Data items

+--

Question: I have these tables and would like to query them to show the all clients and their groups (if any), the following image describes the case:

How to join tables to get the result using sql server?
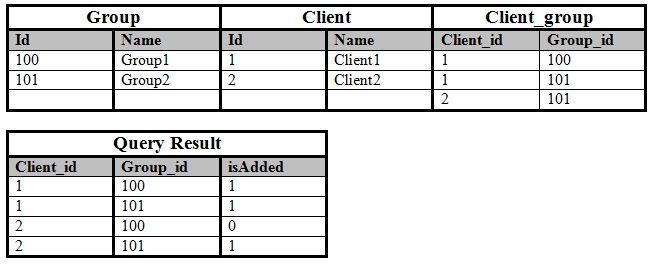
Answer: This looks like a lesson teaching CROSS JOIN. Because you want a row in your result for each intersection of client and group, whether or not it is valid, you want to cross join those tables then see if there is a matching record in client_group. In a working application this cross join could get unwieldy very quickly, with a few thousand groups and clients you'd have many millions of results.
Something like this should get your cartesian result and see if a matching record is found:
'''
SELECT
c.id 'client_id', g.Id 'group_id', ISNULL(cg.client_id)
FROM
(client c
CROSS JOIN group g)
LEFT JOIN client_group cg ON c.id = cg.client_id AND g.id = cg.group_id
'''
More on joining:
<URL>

+--

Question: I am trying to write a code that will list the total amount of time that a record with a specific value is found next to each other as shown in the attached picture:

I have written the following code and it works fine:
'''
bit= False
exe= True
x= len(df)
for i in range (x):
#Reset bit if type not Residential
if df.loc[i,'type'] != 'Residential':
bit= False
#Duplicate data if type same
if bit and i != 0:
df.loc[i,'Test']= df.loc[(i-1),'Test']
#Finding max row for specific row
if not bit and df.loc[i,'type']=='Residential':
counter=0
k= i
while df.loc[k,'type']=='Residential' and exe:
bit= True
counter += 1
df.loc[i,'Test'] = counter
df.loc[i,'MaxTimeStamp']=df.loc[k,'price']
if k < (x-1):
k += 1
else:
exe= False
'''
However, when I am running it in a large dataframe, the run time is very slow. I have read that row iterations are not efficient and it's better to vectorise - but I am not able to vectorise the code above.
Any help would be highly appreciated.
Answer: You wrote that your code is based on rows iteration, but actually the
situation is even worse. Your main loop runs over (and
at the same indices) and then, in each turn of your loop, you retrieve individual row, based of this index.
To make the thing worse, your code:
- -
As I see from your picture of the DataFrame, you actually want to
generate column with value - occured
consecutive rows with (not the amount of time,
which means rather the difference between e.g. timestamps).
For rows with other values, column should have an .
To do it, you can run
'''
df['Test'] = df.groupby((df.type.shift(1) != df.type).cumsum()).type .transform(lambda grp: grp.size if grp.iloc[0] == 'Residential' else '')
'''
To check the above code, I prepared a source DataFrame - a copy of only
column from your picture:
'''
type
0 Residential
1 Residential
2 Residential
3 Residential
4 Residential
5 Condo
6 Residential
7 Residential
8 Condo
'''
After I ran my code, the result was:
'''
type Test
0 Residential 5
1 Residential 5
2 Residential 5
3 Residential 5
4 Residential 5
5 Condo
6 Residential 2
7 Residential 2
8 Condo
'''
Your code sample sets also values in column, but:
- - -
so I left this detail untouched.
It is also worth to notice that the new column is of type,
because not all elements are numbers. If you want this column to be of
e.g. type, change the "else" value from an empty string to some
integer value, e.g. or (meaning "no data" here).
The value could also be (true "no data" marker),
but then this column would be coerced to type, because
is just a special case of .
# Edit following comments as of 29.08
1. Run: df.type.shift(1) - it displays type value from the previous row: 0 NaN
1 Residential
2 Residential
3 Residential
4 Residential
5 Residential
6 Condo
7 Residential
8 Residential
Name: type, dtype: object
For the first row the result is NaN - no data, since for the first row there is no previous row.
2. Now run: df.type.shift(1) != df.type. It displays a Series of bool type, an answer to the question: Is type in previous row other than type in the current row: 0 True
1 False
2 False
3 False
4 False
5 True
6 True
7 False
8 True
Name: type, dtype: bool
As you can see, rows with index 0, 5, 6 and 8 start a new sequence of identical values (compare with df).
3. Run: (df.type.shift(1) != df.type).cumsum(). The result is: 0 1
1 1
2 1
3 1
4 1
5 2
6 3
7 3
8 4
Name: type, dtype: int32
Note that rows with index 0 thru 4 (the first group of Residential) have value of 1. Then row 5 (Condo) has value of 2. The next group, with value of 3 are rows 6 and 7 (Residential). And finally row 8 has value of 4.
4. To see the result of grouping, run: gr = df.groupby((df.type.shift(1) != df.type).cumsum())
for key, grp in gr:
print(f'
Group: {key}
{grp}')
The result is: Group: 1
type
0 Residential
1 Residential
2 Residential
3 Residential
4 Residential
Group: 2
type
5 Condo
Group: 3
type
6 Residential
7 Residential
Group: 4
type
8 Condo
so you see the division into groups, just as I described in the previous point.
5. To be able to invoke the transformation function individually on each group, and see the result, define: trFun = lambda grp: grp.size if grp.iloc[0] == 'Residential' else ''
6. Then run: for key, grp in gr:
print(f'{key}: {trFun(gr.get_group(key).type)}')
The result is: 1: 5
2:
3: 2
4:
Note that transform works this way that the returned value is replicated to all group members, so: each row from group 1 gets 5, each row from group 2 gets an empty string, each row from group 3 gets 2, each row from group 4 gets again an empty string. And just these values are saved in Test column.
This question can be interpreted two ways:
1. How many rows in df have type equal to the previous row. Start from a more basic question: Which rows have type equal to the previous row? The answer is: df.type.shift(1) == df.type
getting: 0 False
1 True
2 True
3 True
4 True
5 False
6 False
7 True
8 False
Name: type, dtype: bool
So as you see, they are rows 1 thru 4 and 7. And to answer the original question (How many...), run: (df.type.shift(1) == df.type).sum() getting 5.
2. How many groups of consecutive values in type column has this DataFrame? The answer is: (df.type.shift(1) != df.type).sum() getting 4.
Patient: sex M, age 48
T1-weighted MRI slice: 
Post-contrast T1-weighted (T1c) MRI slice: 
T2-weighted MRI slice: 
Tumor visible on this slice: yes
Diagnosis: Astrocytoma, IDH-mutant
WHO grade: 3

+--

What is needed ▸
Answer with a number alone. It should equal the count of lines in the entries that hold "could".

Response to this exercise ▸
2